Posted: Thu Jan 11, 2018 11:00 pm
by spauk
solo mining easy coins is still doable, and surprisingly it's better with less hashrate sometimes if your solo mining is too much for the coin network. sometimes you only need a few megahash per second to find blocks, and more would create a lot of rejects and be a waste. but that's just my opinion, i don't have much concrete evidence. but all i run is small miners and have had some success solo mining when difficulty is low

Re: GPU Program for Linux or Windows

Posted: Thu Jan 11, 2018 11:18 pm
by spauk
you don't throw 500 mh/s at a coin network difficulty of less than 1, i know this. it breaks the estimated block time, finding blocks too quick

Re: GPU Program for Linux or Windows

Posted: Fri Jan 12, 2018 12:01 am
by NiteshadeSc2
It isn't that you cannot mine scrypt coins on Prohashing with a GPU rig: it is REALLY inefficient. I could go setup my gaming rig in my basement, turn on CCminer point it here, and draw 500-600 watts of power for about 500khash/sec, or I can use my ASIC miners, and get 15-18Mh/s (30+ times faster).

Further, Regarding ROI (return on investment) if you are building a GPU rig, with a couple of RX580's, assuming a new build with an i5 and such, you are spending 1500 to 2000 to build it. Depending on what you mine, you may be a year before you recoup your investment with those lower hashrates on scrypt. This can get you well towards an antminer D3 or L3+ which each will pay for themselves in just a few months.
However, a GPU rig could mine other algorithm coin Etherum (ethash), or Vertcoin (Lyra2) where the ASIC cannot. Those coins are doing quite well too. Using vertcoin for an example, a 1080ti rig could mine that quite well, and yield a coin a day (or so) at $6 a coin. Return on investment on a $2000 computer in about a year. (assuming difficulty doesn't change).

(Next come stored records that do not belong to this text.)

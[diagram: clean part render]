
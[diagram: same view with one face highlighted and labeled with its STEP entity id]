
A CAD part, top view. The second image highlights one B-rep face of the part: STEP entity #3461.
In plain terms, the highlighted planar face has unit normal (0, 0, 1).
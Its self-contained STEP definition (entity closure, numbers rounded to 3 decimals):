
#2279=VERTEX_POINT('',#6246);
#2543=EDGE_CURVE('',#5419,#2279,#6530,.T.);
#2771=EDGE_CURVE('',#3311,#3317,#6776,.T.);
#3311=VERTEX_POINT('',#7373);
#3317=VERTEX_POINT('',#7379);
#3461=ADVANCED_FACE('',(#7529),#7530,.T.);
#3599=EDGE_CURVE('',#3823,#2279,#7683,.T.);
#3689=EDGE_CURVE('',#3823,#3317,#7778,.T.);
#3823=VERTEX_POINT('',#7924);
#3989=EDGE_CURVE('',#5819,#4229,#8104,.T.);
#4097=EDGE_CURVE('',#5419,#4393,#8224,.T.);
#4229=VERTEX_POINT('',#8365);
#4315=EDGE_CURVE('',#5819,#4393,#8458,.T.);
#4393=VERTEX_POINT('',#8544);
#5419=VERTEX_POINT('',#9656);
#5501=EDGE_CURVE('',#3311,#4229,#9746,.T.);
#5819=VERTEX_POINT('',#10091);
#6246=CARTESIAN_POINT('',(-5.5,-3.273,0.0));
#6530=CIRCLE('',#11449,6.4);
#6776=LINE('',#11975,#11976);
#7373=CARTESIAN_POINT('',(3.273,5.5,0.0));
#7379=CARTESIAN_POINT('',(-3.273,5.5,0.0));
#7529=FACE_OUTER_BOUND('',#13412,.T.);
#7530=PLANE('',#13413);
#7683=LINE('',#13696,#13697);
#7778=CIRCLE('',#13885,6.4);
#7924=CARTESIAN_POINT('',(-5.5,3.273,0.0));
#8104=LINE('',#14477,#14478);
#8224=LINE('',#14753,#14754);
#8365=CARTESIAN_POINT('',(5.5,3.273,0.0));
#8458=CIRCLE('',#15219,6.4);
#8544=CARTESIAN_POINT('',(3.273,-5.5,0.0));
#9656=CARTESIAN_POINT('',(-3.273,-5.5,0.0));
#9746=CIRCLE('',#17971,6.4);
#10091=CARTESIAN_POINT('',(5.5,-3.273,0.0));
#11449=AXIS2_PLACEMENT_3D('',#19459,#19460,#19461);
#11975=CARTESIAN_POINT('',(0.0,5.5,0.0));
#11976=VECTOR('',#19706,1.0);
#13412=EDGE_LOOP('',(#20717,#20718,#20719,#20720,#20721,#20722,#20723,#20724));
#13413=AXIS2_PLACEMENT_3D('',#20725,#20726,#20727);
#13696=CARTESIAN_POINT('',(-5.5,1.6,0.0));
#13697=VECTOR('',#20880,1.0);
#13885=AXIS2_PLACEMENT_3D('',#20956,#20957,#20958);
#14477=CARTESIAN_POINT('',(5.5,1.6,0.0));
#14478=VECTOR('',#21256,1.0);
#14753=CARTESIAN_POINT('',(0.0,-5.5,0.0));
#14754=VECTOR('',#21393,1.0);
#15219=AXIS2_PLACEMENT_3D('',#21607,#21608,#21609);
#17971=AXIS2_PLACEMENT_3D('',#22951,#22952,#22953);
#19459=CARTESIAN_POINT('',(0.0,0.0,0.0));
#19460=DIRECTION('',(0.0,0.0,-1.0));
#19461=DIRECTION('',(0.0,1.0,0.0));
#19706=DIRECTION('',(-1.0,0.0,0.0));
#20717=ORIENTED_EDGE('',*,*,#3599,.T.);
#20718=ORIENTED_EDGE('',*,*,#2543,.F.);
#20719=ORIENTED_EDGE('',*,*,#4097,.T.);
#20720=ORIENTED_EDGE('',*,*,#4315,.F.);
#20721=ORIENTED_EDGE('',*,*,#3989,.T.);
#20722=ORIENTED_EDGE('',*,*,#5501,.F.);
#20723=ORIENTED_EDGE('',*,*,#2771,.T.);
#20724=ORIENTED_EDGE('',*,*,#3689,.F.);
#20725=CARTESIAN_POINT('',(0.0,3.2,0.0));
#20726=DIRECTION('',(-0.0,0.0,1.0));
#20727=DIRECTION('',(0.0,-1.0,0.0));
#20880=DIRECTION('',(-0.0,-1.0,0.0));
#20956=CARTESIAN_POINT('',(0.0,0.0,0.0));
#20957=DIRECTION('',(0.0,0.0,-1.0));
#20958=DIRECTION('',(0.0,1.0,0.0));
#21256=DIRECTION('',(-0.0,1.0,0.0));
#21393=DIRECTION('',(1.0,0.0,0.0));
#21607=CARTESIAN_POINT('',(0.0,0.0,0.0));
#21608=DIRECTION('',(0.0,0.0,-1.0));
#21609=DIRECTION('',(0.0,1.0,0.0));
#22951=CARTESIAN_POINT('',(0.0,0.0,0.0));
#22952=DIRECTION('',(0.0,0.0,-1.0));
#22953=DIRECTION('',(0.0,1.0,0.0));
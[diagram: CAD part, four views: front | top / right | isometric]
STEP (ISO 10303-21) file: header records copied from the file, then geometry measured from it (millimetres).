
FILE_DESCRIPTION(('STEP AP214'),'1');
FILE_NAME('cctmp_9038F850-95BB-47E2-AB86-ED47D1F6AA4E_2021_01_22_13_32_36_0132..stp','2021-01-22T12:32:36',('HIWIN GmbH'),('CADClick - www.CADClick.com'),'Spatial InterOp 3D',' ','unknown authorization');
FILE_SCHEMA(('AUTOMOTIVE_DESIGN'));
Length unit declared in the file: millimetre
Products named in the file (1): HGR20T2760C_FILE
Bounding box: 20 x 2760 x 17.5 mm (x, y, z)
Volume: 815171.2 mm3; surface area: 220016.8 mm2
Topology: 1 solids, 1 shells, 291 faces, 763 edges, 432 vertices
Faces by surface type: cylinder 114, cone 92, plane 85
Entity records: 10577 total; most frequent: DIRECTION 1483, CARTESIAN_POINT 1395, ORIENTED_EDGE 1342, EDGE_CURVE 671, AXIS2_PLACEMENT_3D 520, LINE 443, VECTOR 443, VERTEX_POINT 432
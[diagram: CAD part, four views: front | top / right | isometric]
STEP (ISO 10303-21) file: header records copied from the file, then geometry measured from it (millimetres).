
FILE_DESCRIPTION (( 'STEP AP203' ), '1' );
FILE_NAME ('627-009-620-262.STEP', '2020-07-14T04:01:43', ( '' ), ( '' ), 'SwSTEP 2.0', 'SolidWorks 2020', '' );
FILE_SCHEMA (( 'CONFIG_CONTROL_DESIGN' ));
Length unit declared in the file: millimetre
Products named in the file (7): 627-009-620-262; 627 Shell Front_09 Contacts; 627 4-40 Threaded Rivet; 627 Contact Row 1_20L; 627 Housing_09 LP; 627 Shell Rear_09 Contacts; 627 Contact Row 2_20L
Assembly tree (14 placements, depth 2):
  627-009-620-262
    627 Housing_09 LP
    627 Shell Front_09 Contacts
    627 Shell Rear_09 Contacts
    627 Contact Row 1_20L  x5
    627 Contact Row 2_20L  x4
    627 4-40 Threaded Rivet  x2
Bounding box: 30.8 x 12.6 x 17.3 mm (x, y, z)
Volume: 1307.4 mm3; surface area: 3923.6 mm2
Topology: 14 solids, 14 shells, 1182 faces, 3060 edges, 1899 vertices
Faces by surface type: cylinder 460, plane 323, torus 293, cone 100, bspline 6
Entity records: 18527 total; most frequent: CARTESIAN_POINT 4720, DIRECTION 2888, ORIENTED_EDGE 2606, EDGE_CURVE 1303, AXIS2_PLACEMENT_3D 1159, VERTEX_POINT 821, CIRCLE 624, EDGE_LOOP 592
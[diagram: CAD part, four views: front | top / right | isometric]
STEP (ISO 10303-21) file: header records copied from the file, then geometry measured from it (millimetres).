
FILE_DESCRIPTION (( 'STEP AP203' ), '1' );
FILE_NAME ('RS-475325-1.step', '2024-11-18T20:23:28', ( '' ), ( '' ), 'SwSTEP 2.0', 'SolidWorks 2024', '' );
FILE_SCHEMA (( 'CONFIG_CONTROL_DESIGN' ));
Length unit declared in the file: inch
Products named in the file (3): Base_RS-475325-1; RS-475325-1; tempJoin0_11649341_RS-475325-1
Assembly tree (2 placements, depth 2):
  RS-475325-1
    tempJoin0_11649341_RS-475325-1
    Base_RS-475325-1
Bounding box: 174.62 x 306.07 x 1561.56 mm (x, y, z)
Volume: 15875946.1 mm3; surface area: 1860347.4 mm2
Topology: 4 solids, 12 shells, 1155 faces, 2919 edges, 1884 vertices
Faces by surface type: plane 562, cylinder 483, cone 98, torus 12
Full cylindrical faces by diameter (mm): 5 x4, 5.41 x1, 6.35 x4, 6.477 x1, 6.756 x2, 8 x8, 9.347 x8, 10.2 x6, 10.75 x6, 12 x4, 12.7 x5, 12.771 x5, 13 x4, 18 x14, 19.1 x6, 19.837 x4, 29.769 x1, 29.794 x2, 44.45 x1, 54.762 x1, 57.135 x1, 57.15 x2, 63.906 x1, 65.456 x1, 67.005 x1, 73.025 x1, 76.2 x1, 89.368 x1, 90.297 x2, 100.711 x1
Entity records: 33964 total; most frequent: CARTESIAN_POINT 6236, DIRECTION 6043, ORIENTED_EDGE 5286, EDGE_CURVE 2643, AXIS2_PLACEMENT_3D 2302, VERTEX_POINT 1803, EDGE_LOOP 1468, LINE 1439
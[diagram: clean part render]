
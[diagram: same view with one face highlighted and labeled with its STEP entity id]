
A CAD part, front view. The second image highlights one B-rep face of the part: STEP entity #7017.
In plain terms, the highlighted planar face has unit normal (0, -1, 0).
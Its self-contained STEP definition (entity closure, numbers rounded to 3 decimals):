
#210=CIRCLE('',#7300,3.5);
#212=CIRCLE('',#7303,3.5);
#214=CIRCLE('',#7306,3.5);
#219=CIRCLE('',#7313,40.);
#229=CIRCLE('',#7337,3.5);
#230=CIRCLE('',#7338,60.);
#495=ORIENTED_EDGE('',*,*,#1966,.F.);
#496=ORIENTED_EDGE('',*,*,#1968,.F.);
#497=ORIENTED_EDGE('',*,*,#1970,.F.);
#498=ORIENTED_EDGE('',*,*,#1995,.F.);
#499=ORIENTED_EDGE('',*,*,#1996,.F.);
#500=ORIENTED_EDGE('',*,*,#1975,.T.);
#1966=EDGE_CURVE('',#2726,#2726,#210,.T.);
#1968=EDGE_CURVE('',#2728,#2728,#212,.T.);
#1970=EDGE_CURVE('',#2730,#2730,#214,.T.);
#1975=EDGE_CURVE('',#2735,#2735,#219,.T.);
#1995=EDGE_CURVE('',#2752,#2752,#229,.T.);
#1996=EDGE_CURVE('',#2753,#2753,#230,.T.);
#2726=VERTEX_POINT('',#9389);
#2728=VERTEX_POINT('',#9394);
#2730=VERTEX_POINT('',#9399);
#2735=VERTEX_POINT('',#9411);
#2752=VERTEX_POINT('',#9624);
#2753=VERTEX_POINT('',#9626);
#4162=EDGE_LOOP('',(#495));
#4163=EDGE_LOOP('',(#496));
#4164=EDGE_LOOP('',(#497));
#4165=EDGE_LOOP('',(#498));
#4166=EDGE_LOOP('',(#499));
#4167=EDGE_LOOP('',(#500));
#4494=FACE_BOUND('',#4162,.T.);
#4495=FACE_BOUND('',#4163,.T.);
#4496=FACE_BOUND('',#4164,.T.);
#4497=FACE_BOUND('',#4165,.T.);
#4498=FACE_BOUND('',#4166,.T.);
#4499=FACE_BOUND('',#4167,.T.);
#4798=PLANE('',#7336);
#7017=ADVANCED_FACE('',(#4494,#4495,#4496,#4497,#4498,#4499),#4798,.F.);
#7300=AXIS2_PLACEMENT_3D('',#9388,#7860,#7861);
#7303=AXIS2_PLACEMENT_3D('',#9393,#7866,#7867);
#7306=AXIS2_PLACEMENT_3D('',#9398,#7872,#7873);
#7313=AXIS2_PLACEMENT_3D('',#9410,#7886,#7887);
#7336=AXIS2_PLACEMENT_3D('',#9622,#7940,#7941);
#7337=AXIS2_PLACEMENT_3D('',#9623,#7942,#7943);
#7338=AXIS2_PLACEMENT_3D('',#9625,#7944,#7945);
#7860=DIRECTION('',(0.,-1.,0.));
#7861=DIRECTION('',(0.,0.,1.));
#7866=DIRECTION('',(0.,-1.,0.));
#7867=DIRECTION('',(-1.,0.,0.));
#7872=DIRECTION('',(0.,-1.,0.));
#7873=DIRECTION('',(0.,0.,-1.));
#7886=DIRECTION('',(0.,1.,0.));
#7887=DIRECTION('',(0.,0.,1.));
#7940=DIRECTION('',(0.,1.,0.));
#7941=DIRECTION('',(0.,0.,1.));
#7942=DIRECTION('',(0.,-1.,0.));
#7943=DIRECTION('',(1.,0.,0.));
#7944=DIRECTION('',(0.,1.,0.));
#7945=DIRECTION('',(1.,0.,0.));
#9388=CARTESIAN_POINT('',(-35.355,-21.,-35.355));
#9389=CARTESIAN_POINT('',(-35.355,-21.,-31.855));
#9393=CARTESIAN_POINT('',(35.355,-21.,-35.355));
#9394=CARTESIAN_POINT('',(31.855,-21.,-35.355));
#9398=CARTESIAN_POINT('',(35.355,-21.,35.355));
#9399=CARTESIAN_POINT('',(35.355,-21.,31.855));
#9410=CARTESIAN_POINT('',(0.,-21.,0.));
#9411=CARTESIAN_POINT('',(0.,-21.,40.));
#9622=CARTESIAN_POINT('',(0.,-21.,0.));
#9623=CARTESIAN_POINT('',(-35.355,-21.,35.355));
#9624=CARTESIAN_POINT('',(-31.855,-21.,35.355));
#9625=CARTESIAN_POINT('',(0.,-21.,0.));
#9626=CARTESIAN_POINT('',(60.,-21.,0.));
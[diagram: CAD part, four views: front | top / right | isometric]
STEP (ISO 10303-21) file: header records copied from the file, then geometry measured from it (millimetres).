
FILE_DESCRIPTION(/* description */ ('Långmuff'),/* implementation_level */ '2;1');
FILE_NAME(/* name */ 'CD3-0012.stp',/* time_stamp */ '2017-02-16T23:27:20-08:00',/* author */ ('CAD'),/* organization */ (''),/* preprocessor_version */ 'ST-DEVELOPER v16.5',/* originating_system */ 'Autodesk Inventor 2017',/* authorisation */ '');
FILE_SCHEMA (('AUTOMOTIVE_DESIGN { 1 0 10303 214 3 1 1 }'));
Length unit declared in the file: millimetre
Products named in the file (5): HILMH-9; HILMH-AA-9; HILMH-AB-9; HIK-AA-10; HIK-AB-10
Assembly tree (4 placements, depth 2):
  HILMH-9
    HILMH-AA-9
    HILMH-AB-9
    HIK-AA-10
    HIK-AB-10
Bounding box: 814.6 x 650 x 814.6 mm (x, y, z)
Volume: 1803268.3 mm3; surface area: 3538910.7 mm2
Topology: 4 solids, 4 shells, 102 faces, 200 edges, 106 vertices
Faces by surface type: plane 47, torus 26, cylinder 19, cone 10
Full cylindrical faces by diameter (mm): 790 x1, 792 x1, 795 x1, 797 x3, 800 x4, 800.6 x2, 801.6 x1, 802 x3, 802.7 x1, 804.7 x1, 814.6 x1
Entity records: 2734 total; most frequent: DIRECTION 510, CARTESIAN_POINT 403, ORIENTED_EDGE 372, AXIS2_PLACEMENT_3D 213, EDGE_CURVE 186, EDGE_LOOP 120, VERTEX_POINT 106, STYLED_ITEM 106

If you are hellbent on GPU mining, do some google searches on which algorithms you want to mine. Then which coins are supported on those algo's. Some algo's do not mine on AMD, and some mine on Nvidia. Depends on the program used to mine. Then use a mining calculator (coinwarz and others), and determine if mining that coin is financially viable. Read up on the coin, stability in the market, value, fluctuations, and if the coin interests you. Take a hunch if you think it is something that will grow. Does the development team put effort into it expanding (adding exchanges, etc). Then mine it for a short term as a proof of concept, and see if your numbers hold up. Then mine it. Then always keep an eye out for newer ways to mine more efficiently.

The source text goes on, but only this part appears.